_Your goal_:
Go through the records underneath and count the lines that include the string "xlink". Give nothing but the number.

_The data_:
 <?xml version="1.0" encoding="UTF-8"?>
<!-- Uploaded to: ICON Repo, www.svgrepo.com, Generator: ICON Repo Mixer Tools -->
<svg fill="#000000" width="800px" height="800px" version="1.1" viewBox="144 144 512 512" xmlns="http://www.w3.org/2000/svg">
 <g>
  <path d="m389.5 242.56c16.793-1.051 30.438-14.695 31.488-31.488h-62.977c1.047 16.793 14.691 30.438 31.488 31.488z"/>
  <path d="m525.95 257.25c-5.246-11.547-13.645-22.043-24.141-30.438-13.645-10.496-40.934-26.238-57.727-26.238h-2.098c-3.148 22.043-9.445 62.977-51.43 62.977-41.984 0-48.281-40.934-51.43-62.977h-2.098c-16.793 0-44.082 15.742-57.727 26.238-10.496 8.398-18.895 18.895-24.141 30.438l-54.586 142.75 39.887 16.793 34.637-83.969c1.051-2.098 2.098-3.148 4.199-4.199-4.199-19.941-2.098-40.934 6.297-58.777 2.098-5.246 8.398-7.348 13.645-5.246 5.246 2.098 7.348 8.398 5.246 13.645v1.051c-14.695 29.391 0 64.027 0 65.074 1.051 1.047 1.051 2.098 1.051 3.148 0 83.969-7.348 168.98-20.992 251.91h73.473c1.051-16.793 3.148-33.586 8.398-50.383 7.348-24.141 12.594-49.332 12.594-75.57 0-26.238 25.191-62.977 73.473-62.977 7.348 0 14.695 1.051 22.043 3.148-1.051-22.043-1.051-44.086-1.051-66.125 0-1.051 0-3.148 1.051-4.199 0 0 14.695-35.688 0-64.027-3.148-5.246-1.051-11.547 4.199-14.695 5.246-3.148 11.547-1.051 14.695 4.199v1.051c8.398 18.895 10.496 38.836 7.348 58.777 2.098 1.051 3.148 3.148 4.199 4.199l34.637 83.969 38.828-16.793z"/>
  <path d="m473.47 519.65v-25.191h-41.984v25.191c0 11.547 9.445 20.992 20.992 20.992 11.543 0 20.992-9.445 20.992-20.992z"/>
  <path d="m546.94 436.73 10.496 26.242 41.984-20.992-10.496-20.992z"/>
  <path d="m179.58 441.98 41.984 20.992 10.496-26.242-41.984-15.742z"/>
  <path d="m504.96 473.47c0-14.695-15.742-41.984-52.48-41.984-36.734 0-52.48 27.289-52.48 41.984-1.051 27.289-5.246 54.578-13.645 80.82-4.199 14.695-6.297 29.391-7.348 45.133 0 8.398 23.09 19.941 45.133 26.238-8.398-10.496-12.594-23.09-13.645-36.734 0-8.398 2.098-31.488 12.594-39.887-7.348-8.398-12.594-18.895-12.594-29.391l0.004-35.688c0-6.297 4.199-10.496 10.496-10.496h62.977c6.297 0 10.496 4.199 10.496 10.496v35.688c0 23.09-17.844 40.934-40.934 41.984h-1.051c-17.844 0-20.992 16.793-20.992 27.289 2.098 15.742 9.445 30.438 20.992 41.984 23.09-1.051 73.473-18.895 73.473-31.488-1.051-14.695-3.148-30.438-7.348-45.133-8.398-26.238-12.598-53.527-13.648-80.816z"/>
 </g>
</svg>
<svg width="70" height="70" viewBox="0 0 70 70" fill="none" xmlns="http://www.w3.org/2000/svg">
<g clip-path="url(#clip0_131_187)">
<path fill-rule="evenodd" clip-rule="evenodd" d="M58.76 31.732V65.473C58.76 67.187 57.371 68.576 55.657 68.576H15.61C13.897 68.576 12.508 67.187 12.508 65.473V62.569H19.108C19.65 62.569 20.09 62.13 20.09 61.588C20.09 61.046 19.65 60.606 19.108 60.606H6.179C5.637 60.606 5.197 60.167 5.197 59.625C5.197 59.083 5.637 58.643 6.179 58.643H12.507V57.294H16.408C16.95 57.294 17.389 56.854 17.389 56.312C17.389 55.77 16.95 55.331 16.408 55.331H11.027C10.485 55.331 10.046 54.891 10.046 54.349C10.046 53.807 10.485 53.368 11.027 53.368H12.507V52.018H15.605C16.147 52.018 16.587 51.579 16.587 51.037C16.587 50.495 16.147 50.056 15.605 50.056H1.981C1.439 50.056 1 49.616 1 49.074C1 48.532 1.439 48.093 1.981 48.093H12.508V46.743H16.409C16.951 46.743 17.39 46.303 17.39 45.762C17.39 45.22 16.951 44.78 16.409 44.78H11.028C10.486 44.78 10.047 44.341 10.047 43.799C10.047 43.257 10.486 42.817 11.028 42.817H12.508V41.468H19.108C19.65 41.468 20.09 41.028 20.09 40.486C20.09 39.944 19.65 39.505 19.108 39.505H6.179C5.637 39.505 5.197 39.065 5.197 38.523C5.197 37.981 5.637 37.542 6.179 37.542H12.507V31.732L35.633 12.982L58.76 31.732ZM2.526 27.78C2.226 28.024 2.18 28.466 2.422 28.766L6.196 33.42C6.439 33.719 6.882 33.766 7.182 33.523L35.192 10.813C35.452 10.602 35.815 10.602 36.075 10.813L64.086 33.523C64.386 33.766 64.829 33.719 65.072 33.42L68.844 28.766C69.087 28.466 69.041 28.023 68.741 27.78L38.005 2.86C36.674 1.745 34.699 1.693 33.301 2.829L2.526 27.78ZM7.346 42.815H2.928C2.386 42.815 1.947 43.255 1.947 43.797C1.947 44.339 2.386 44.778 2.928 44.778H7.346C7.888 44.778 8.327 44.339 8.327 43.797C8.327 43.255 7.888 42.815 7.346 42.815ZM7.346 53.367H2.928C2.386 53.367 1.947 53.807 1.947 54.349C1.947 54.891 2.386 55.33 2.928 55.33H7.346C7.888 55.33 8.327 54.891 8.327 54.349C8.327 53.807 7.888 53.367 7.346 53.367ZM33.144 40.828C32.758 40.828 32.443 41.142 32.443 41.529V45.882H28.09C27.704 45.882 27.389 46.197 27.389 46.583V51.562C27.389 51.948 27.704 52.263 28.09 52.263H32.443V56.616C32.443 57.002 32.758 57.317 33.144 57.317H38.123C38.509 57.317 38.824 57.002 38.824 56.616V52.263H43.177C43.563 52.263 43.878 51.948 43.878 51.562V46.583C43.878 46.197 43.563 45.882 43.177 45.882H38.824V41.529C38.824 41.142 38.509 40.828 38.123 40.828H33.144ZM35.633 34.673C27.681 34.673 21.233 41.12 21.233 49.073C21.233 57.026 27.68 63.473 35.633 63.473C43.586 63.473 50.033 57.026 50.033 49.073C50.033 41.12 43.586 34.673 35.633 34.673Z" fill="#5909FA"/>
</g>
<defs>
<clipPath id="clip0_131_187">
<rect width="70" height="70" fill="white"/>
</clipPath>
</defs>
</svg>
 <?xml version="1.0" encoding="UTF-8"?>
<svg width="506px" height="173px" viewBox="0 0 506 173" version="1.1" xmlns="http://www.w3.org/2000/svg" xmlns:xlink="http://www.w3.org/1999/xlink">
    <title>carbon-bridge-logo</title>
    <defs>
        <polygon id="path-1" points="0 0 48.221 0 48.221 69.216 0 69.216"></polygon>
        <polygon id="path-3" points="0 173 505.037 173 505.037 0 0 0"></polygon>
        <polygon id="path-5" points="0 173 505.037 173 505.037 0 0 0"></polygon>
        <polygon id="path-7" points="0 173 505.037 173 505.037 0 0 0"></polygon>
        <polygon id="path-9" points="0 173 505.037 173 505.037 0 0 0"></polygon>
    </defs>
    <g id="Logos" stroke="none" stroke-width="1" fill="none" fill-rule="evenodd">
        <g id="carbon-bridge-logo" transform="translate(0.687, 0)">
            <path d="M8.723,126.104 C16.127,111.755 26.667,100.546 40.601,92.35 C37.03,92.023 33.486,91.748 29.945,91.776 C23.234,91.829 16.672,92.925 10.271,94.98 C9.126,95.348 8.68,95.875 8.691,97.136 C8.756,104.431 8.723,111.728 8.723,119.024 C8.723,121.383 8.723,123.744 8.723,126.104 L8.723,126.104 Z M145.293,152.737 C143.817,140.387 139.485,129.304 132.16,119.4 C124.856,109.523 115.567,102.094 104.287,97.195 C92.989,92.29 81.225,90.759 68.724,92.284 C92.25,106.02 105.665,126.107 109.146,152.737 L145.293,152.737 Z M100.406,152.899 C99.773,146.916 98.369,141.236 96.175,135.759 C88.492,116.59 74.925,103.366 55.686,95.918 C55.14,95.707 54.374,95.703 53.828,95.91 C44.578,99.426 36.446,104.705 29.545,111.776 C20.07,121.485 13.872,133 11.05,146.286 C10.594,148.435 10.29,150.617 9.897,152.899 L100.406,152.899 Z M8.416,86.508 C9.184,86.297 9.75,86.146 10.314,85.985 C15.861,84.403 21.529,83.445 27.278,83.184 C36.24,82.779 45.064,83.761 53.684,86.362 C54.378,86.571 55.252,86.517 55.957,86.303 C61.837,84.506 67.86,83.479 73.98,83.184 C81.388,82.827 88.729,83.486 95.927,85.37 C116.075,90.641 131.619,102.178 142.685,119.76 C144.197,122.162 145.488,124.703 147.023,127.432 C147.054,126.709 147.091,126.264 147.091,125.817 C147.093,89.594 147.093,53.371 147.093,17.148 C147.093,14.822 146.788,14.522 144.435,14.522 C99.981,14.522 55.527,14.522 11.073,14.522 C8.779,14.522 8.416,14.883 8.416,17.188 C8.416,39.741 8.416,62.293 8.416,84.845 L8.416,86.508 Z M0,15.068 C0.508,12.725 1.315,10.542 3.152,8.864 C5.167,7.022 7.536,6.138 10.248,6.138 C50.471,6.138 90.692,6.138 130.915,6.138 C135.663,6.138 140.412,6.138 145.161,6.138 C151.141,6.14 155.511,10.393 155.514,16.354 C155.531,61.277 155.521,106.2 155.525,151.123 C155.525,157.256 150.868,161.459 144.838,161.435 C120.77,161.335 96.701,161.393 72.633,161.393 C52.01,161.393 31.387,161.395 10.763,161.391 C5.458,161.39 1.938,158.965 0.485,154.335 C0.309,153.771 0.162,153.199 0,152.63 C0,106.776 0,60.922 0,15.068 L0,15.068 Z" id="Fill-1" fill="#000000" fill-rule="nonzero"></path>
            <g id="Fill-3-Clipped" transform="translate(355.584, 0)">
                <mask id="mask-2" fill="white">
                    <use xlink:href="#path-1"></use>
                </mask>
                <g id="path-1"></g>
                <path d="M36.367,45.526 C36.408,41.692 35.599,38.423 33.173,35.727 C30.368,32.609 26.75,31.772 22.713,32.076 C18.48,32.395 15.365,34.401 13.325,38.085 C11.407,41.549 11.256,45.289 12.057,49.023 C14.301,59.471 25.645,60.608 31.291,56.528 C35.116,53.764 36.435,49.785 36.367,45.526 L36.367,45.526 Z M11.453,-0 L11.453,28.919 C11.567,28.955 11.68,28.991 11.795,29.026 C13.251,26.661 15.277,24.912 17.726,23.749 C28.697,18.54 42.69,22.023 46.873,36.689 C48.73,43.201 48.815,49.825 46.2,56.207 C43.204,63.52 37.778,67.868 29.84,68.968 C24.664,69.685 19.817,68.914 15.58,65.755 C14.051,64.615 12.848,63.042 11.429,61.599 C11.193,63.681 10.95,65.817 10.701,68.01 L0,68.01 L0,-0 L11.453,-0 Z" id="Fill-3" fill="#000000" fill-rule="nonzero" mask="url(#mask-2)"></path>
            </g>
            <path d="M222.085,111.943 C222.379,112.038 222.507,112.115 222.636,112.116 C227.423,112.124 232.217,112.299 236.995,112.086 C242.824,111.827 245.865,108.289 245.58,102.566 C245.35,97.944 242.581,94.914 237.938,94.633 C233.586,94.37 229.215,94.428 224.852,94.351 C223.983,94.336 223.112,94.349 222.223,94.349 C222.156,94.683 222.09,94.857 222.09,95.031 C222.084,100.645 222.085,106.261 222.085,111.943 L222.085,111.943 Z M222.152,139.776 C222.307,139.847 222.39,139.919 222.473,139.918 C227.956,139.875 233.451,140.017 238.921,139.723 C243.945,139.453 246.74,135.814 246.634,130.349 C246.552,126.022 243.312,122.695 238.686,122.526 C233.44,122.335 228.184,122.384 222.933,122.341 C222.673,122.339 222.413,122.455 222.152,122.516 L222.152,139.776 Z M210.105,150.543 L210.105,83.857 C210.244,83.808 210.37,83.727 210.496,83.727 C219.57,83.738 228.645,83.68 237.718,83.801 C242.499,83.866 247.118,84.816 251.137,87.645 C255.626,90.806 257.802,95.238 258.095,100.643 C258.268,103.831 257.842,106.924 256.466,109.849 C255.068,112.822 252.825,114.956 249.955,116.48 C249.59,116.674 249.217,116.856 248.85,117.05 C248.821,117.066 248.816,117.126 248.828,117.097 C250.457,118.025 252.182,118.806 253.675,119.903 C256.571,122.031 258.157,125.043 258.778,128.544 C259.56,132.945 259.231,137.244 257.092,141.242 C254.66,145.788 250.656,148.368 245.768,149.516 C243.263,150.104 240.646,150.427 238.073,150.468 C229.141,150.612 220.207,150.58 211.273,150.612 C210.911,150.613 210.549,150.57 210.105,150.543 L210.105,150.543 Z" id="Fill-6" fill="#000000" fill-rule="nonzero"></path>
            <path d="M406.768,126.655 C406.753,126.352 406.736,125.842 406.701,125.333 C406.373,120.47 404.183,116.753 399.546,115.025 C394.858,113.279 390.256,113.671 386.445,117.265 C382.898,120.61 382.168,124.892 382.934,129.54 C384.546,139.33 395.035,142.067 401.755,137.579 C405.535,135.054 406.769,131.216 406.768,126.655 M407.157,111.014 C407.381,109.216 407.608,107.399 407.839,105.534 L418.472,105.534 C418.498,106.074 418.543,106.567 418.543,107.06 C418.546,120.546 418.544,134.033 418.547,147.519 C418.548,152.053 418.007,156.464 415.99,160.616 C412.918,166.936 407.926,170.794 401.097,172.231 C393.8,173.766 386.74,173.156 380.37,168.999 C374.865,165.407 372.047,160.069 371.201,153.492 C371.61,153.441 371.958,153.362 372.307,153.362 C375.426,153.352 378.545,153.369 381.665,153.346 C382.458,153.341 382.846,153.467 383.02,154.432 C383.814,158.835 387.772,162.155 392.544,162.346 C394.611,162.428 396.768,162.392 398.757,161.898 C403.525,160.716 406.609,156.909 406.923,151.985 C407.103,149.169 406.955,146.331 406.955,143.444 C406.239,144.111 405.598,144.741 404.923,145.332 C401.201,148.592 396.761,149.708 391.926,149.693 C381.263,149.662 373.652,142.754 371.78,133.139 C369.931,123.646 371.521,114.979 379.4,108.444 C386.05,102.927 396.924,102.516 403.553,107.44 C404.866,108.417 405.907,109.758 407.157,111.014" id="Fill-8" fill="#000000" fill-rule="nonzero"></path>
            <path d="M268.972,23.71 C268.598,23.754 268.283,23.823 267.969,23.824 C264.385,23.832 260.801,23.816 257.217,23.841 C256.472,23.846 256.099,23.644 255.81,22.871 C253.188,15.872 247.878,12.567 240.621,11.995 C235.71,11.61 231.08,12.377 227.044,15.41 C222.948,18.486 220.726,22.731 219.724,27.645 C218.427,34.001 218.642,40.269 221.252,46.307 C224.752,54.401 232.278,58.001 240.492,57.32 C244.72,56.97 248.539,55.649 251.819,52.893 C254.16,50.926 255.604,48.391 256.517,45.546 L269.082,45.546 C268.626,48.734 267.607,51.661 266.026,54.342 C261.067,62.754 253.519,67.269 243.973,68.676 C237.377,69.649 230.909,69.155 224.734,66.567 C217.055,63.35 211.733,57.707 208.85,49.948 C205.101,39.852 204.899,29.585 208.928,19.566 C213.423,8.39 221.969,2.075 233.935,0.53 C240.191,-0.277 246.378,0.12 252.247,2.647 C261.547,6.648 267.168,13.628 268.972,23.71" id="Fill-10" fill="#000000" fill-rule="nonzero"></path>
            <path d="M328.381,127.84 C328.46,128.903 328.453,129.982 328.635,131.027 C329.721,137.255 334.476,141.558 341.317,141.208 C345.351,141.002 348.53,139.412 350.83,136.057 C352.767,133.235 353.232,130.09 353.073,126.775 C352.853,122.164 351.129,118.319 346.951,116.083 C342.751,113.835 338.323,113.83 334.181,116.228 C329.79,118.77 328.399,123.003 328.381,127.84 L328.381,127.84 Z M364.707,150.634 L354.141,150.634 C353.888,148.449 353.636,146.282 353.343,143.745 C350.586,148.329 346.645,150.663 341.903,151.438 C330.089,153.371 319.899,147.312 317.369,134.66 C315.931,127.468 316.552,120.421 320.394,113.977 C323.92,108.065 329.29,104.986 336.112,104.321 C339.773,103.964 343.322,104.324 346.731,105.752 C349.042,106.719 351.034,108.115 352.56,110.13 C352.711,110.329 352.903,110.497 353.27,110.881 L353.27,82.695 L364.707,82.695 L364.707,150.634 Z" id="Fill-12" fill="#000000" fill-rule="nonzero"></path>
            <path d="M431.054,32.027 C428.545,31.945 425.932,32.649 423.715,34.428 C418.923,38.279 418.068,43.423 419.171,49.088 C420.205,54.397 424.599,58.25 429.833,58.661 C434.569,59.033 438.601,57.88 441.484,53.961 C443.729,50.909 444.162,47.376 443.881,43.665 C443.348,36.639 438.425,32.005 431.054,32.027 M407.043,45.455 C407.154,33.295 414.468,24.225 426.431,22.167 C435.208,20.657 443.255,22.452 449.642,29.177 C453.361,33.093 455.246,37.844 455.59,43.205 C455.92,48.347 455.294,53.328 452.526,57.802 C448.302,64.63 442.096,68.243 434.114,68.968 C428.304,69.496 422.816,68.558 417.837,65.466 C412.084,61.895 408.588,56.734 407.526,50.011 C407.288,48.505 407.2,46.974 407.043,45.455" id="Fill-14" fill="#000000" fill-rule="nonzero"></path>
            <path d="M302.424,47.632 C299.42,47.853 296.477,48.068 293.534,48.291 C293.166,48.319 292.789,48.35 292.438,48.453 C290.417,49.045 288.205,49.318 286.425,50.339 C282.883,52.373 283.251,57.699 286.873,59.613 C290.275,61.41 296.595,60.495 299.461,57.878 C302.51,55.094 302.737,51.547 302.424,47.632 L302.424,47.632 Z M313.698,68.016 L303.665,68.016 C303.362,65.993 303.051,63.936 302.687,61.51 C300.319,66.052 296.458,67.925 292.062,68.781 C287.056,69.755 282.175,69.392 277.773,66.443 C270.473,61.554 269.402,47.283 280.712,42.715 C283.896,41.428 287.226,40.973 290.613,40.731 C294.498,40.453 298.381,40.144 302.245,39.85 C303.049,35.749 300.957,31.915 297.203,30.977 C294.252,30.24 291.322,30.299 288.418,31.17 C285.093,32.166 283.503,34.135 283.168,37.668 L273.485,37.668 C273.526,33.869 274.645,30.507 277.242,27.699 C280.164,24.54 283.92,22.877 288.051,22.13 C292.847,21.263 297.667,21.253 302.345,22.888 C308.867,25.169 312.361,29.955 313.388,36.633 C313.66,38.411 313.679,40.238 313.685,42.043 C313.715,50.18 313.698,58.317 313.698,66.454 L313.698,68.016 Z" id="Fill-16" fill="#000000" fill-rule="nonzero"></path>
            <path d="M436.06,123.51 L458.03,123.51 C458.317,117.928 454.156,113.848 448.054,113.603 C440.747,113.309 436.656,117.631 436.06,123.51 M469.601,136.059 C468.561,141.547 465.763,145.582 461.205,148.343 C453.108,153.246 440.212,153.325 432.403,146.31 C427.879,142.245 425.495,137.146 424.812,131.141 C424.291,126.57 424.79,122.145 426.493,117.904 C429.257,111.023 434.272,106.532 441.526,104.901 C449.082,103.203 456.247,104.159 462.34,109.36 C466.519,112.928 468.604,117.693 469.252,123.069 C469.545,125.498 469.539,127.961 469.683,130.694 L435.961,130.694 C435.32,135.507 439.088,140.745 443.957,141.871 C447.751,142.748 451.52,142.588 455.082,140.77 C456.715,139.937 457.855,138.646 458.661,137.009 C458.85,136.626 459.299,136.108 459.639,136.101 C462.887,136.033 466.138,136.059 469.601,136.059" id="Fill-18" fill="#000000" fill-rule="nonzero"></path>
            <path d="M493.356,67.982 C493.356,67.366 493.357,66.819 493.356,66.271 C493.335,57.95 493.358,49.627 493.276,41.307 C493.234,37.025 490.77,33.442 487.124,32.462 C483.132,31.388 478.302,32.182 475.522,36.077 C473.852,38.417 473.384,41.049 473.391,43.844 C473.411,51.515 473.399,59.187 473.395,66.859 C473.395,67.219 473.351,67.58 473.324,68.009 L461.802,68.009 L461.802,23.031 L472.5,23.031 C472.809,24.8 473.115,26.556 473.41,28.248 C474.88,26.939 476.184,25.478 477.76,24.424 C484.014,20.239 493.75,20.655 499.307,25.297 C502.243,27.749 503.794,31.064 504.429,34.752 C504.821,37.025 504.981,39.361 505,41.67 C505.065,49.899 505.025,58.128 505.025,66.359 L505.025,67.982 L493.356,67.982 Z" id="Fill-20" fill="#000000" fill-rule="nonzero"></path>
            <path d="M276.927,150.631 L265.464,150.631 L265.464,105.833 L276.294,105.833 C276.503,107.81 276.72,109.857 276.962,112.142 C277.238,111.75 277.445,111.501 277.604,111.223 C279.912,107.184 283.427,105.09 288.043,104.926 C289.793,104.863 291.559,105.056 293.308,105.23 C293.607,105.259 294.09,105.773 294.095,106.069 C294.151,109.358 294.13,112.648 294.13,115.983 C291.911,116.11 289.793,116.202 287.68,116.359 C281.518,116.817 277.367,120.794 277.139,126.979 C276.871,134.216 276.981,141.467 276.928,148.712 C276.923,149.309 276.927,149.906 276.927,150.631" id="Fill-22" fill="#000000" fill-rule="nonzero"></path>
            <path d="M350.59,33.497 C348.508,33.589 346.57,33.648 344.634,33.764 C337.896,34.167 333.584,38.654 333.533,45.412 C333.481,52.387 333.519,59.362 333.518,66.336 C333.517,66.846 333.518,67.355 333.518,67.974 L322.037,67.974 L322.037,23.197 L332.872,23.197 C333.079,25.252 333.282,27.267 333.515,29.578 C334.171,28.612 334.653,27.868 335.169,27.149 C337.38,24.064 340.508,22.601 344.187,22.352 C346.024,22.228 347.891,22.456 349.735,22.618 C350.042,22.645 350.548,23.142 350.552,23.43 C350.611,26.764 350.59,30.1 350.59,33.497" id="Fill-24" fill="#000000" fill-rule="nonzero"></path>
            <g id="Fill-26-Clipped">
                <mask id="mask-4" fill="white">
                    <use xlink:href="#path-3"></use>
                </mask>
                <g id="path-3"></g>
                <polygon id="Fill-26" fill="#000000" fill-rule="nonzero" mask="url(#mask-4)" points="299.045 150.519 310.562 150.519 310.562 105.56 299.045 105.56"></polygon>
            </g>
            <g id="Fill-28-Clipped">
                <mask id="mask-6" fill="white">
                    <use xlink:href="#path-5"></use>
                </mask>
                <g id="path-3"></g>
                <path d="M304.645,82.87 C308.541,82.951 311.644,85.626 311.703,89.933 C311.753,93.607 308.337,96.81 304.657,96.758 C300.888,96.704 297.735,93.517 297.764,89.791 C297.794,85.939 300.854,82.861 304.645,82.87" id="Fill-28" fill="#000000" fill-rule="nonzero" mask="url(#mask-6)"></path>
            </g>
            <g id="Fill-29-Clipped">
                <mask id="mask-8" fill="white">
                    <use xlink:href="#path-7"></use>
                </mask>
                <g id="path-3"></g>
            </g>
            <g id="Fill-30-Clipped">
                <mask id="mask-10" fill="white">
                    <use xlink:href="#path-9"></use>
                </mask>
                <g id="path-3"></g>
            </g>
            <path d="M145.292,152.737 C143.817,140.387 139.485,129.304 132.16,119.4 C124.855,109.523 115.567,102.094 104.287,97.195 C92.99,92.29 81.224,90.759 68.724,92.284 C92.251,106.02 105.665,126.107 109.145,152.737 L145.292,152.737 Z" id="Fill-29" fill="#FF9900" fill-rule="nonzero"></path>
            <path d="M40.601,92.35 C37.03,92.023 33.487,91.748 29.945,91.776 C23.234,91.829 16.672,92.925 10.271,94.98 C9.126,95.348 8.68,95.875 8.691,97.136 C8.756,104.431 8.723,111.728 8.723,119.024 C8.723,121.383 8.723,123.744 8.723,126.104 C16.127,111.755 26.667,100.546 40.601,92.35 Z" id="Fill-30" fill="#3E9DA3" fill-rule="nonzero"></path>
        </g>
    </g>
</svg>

_Solution for this problem_:
6